START Data records
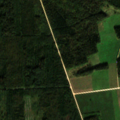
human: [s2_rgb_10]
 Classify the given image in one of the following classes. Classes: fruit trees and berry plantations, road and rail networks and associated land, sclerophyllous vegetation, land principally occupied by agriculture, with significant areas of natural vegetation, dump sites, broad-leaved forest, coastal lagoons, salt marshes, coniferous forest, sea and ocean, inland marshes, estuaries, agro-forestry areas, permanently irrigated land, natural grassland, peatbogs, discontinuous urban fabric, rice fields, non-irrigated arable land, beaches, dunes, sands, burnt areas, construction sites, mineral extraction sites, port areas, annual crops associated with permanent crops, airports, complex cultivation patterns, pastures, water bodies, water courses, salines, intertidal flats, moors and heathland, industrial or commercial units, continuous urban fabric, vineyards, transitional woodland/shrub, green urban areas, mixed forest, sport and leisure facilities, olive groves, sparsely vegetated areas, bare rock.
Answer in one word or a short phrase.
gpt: non-irrigated arable land, land principally occupied by agriculture, with significant areas of natural vegetation, coniferous forest, mixed forest, transitional woodland/shrub
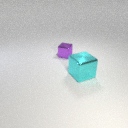
small purple metal cube behind large cyan metal cube
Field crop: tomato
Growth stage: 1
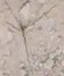
Species: cyperus
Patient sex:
END Data records
*Goal of the exercise*: All that should be printed is the lines from the one containing "Answer in one word or a short phrase." through the last line of the material above, both ends included, exactly as they stand; please skip the pictures.

*Your solution*:
Answer in one word or a short phrase.
gpt: non-irrigated arable land, land principally occupied by agriculture, with significant areas of natural vegetation, coniferous forest, mixed forest, transitional woodland/shrub
small purple metal cube behind large cyan metal cube
Field crop: tomato
Growth stage: 1
Species: cyperus
Patient sex:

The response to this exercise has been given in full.